Scale tips the other way with Roger Weingarten‘s “Man Moth, Icarus, Minotaur,” a 7-by-5-foot sculpture that’s like a Victorian member of the Transformers franchise. With silvery wings and some steel components powder-coated in jewel-tone blue, green and copper, the insect-inspired sculpture includes antique car fenders, a carved wooden newel post, vintage brass icebox hinges, an old washing machine agitator and a giant green spring.

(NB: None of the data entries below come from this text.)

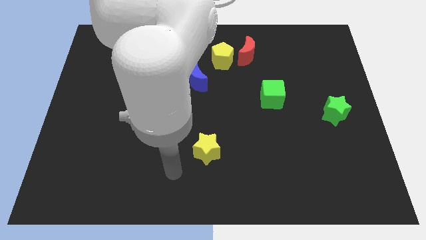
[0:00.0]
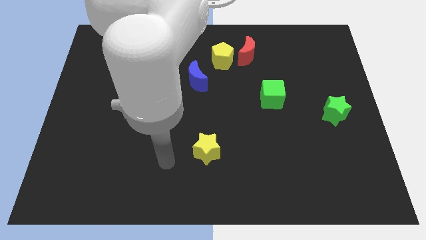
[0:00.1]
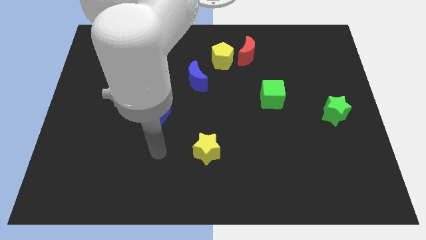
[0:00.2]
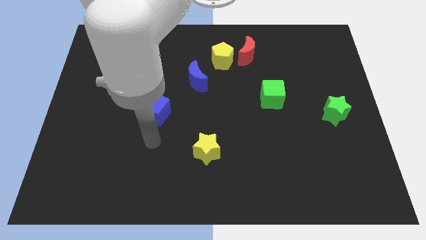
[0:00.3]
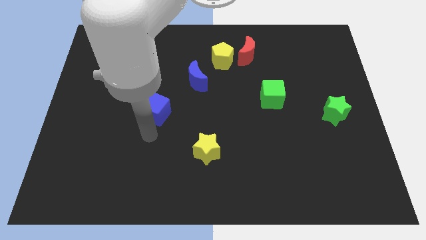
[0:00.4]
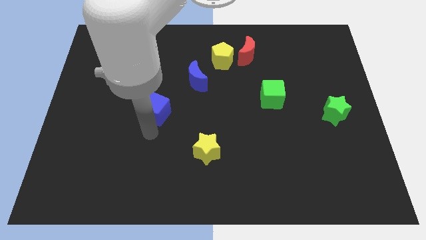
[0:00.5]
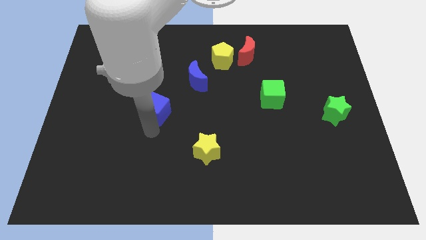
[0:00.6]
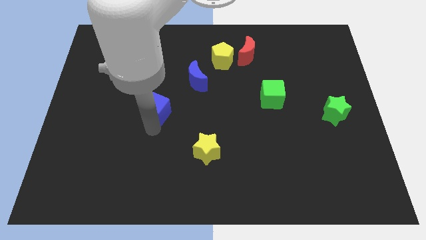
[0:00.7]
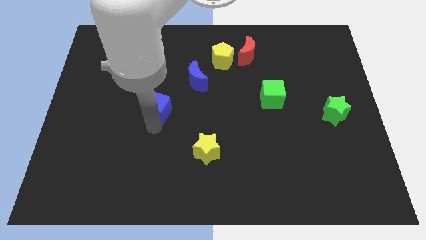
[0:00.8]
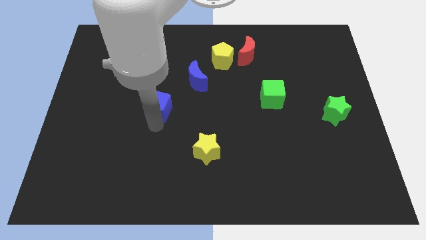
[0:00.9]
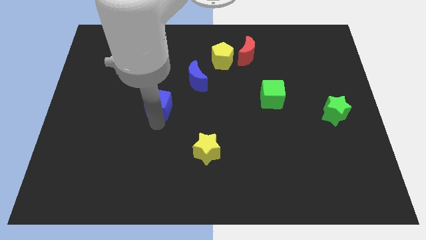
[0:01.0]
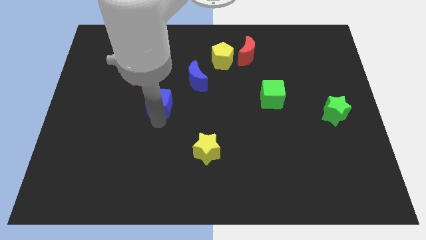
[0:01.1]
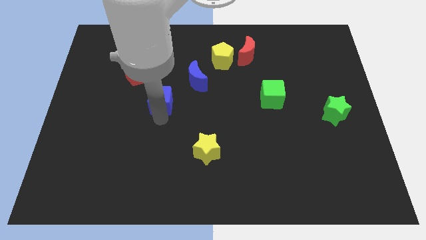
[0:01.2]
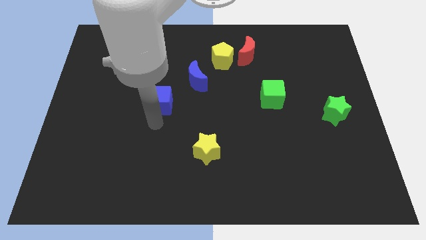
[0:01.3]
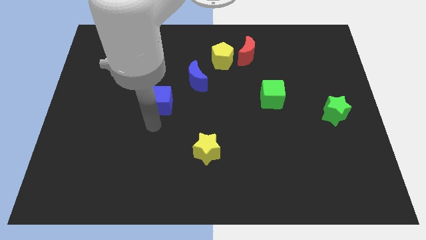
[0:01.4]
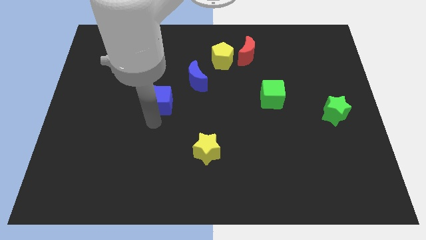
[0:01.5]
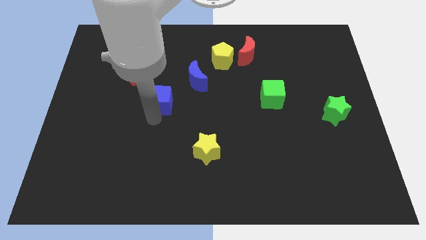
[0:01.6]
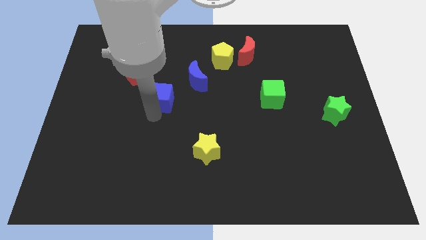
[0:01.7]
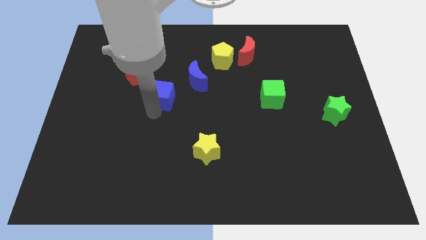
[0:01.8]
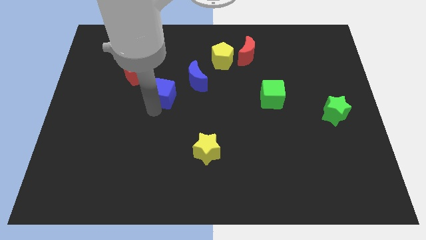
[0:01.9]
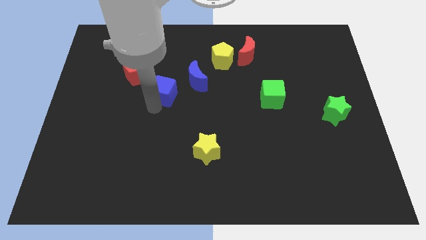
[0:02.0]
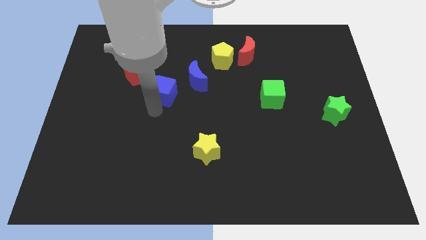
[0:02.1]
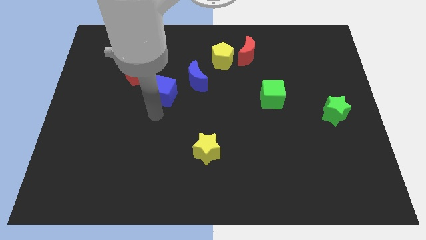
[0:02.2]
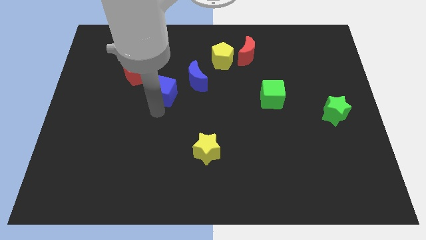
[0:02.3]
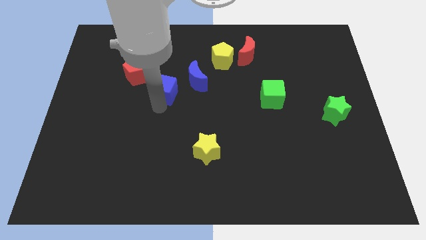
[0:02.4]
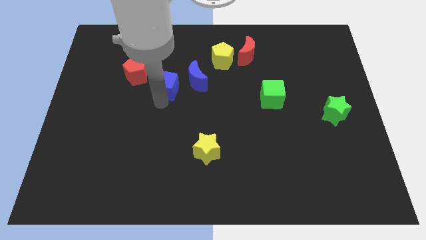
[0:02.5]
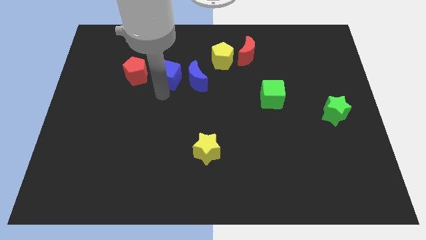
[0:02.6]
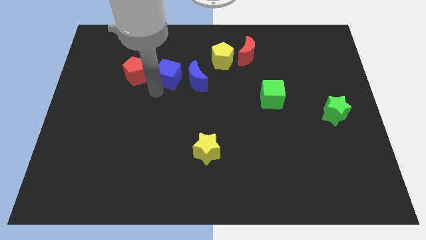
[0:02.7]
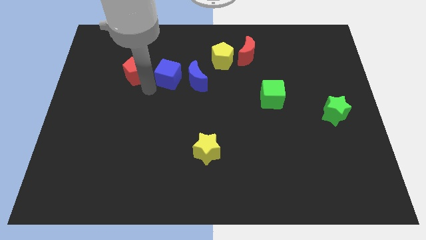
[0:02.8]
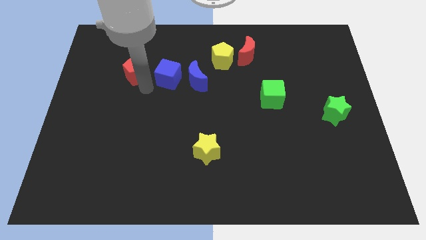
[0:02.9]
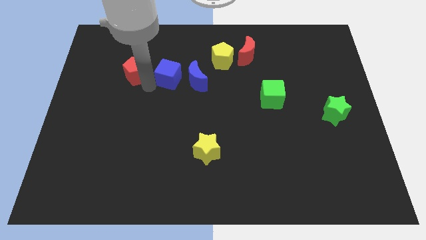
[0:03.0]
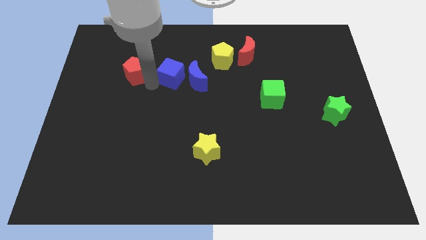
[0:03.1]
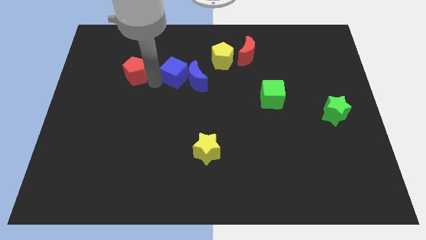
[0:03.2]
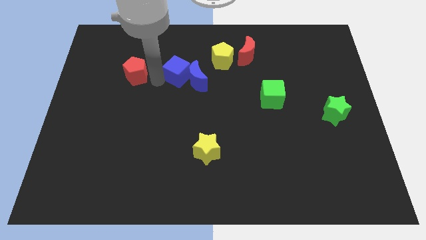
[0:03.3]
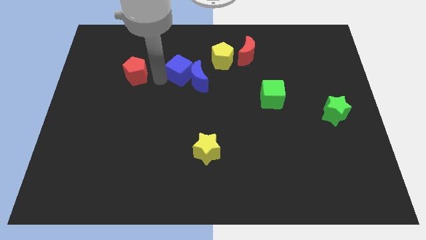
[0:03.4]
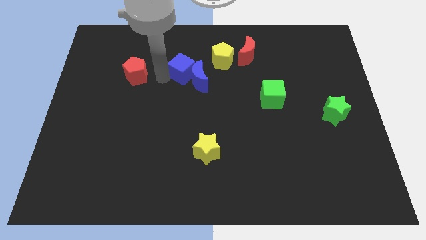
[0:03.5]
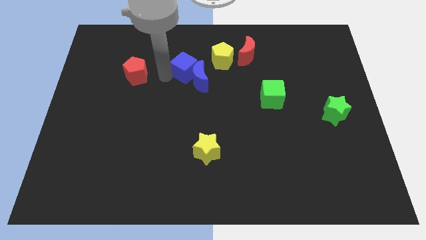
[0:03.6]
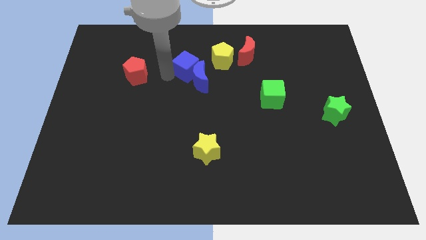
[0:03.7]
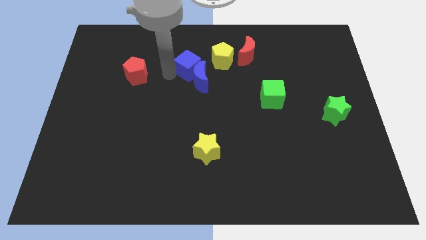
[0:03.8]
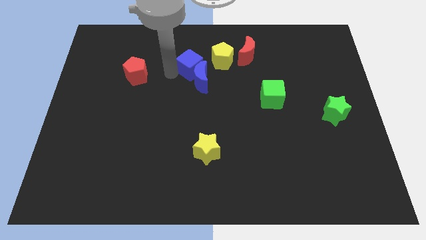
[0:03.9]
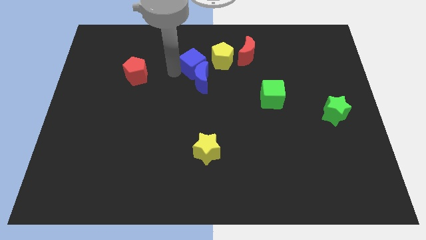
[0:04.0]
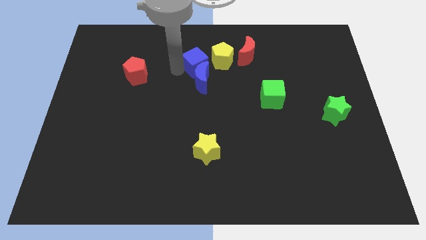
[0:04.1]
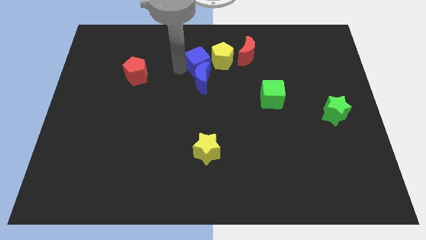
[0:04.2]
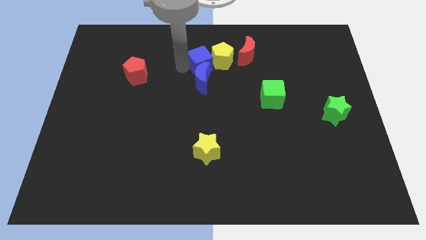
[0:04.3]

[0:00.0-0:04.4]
push the blue cube to the yellow pentagon

Others interpret the theme via the natural world. Emily Piccirillo‘s painting “Below Zero” silhouettes silver branches against a white winter sky. The square of canvas is stretched on a metal frame that projects out a few inches from the wall, pulled by taut threads. The effect enhances the image, reminding the viewer of the feel of a thin winter sky and brittle, frozen branches.
Elizabeth Nelson‘s 8-by-8-inch “Corner of My Eye” is another winter view, but from space; white sweeps over inky blue, with an archipelago of silver leaf splotches. Looking at it is not unlike peering out an airplane window and seeing flashes of light reflecting off the Earth’s surface.
Several jewelry artists concentrate their sparkles. Cari Clement‘s “Ice Ice Baby Necklace & Earrings” pairs glass beads with chunks of rock for jewelry reminiscent of melting snow and ice. Kristine Chartrand‘s and Kerin Rose‘s sterling silver necklaces present wearable surrealist imagery, such as the large bird hanging from a collar of silver twigs in Rose’s “I dreamt of Frida…”
Leslie Fry brings similar imagery to “Nesting,” a silver-patinaed bronze sculpture of a harpy. Here, a woman’s face sits atop a bird body, its wings made of folded hands; its nest is a pile of tools. It’s one of a handful of pieces that seems like a reference to what SPA and its artists have accomplished in this building.
Two more literal works in that vein are Elizabeth Fram‘s “Spirit of SPA,” a watercolor portrait of Van Fleet, and next to it that artist’s own contribution to the show. It’s a little coffee pot with legs, pouring a string of silver buttons. That imagery, combined with its title — “Our cup runneth over: 25 Years of Service” — echoes what Higby said it’s taken to make this place sparkle: “love and grit.”